• [Task prompt]:
Exactly retype the lines below from the one containing "Elapsed time: 3.3 s after image 1." through the end of the listing. Leave pictures out.

• [Exercise input]:
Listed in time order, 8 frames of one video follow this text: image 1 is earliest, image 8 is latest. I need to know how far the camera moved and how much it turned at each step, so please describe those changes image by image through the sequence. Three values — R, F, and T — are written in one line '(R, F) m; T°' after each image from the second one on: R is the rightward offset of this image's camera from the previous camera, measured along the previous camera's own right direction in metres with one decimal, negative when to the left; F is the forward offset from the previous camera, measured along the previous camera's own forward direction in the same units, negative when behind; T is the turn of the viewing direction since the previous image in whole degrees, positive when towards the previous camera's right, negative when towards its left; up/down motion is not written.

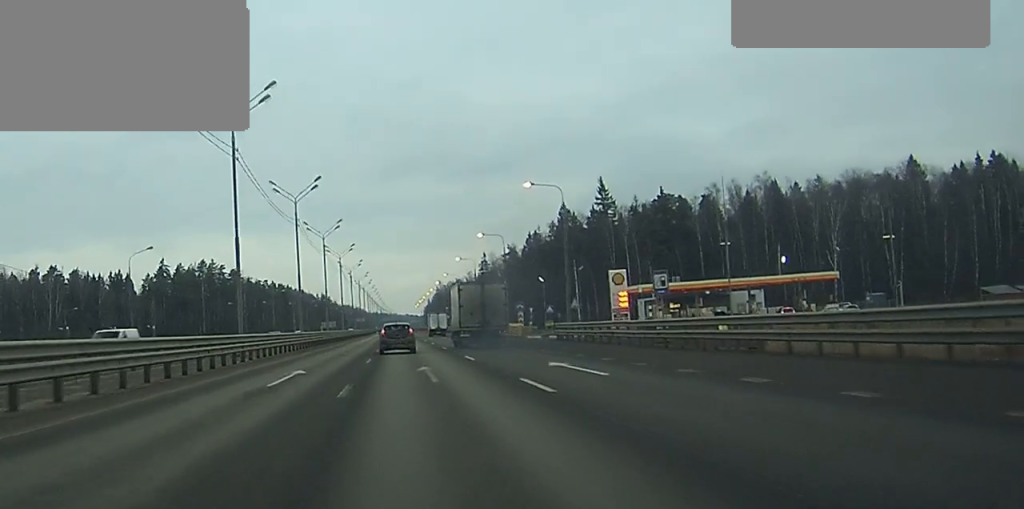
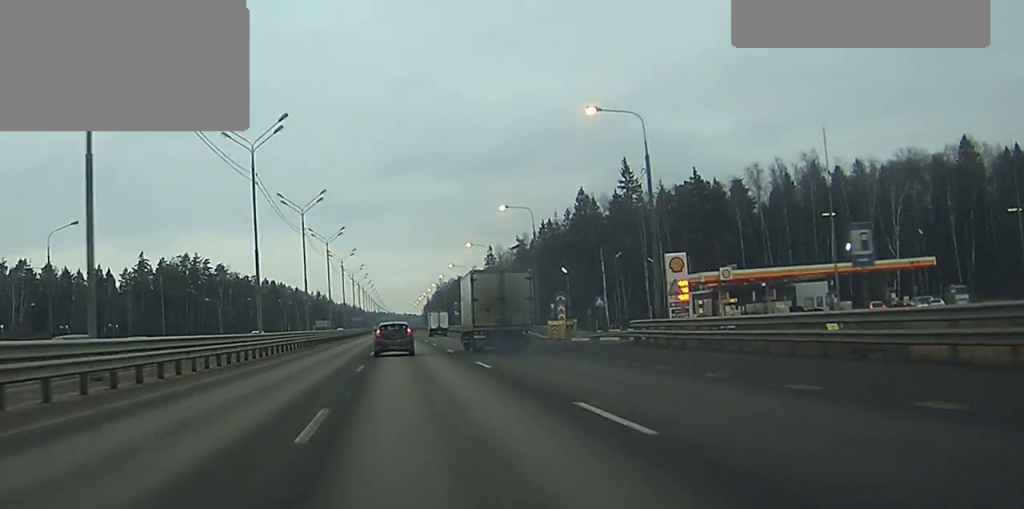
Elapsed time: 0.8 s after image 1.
(+0.2, +23.5) m; 0°
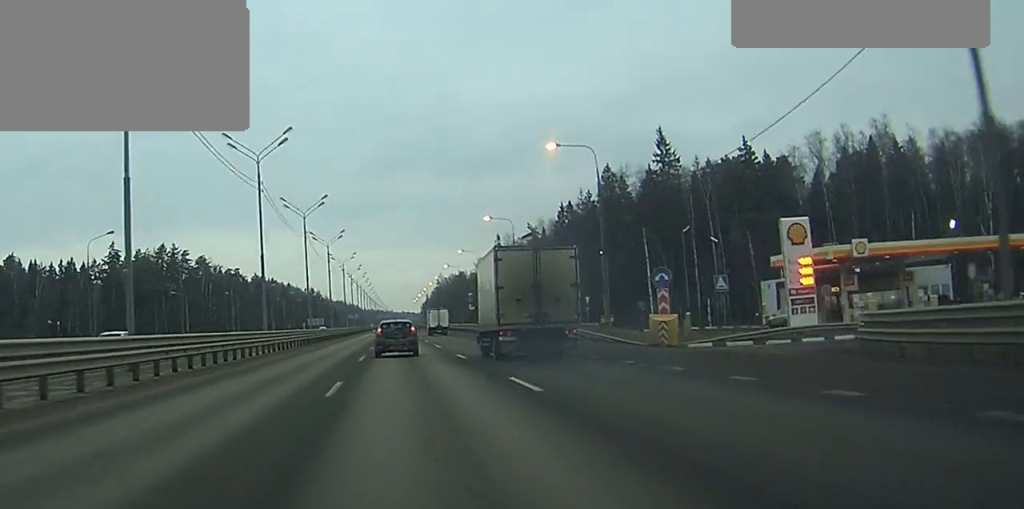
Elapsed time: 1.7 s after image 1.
(+0.1, +26.7) m; 0°
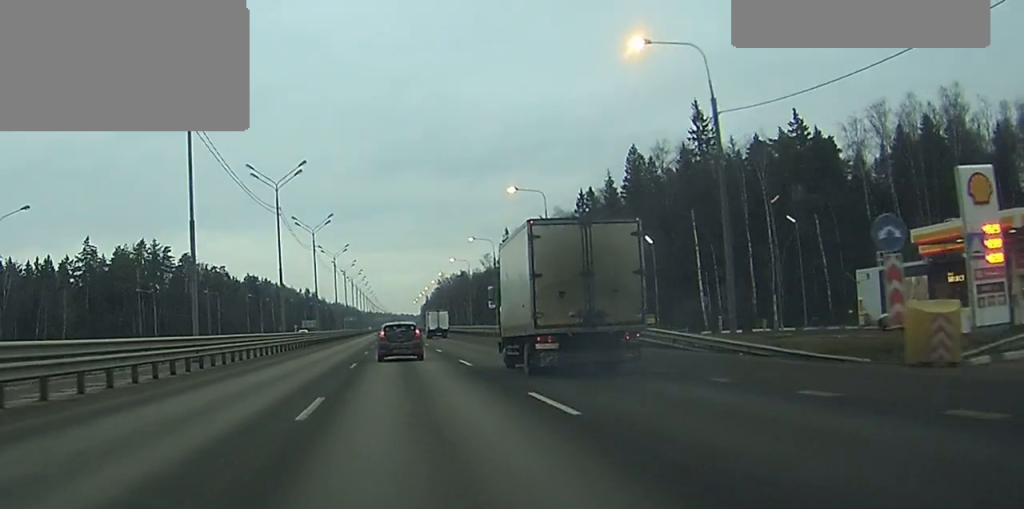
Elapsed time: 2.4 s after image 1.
(0.0, +20.1) m; 0°
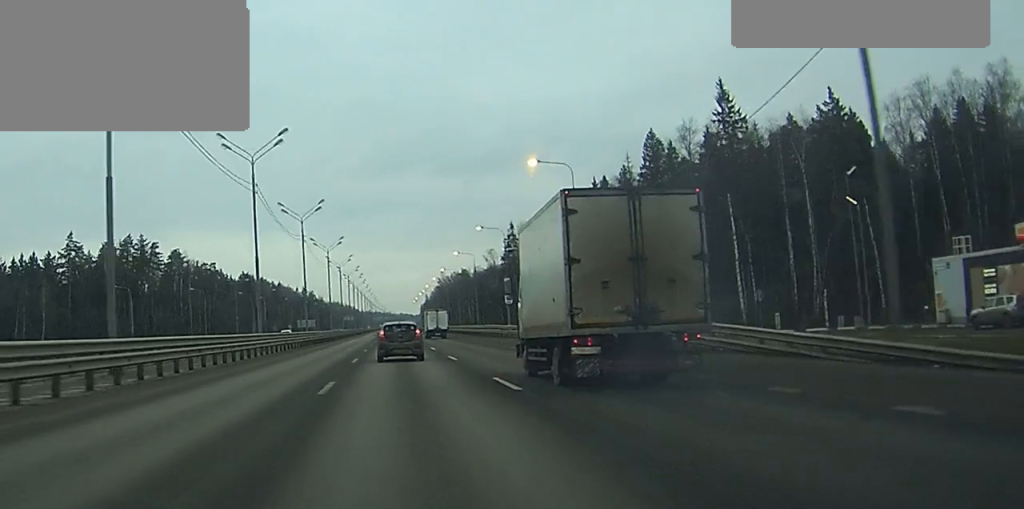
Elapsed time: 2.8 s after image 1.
(0.0, +11.3) m; 0°
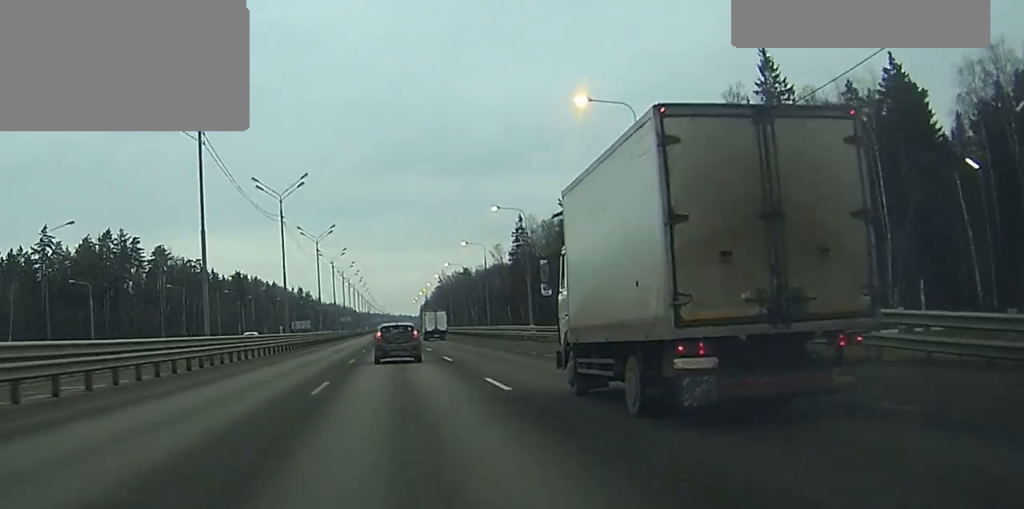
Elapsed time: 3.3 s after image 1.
(0.0, +15.8) m; 0°
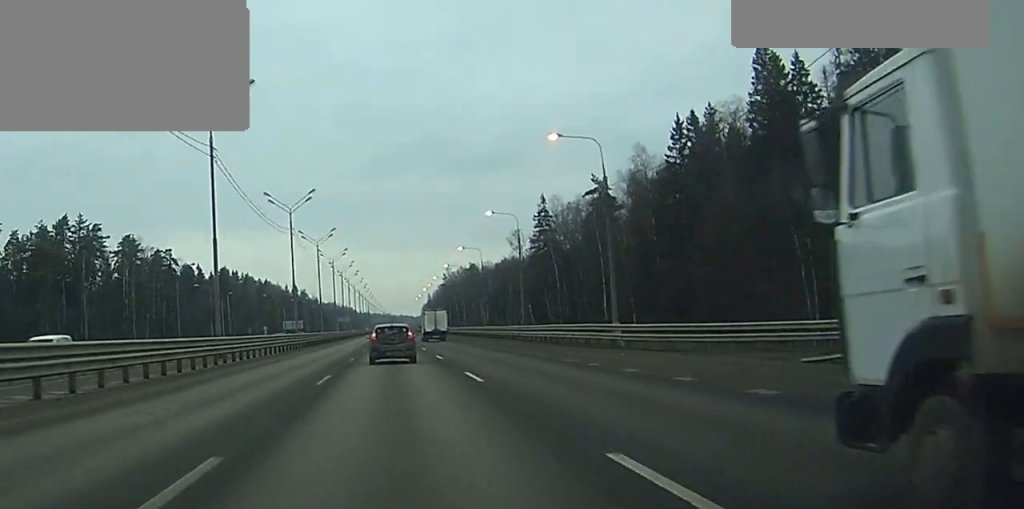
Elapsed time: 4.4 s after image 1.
(0.0, +28.6) m; 0°
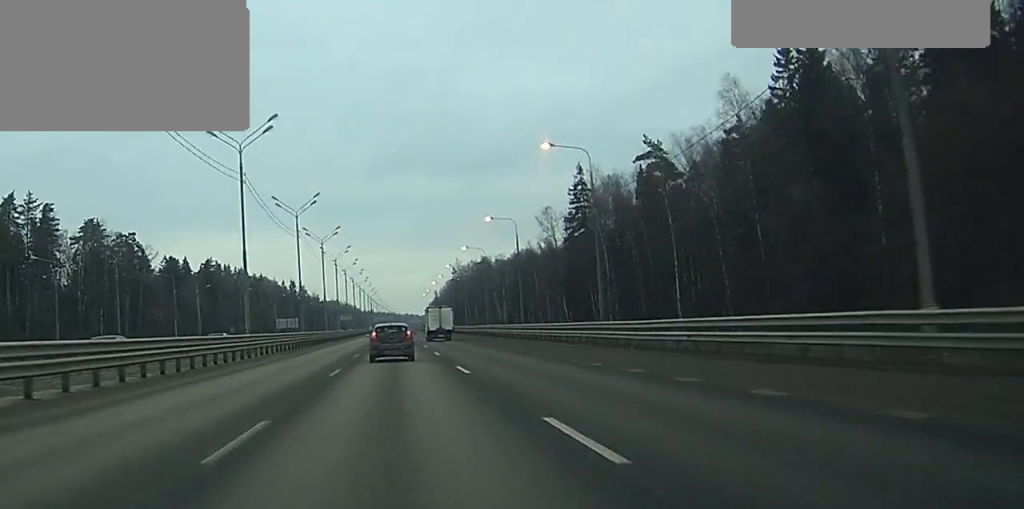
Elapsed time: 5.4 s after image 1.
(-0.1, +28.3) m; 0°

• [Answer]:
Elapsed time: 3.3 s after image 1.
(0.0, +15.8) m; 0°
Elapsed time: 4.4 s after image 1.
(0.0, +28.6) m; 0°
Elapsed time: 5.4 s after image 1.
(-0.1, +28.3) m; 0°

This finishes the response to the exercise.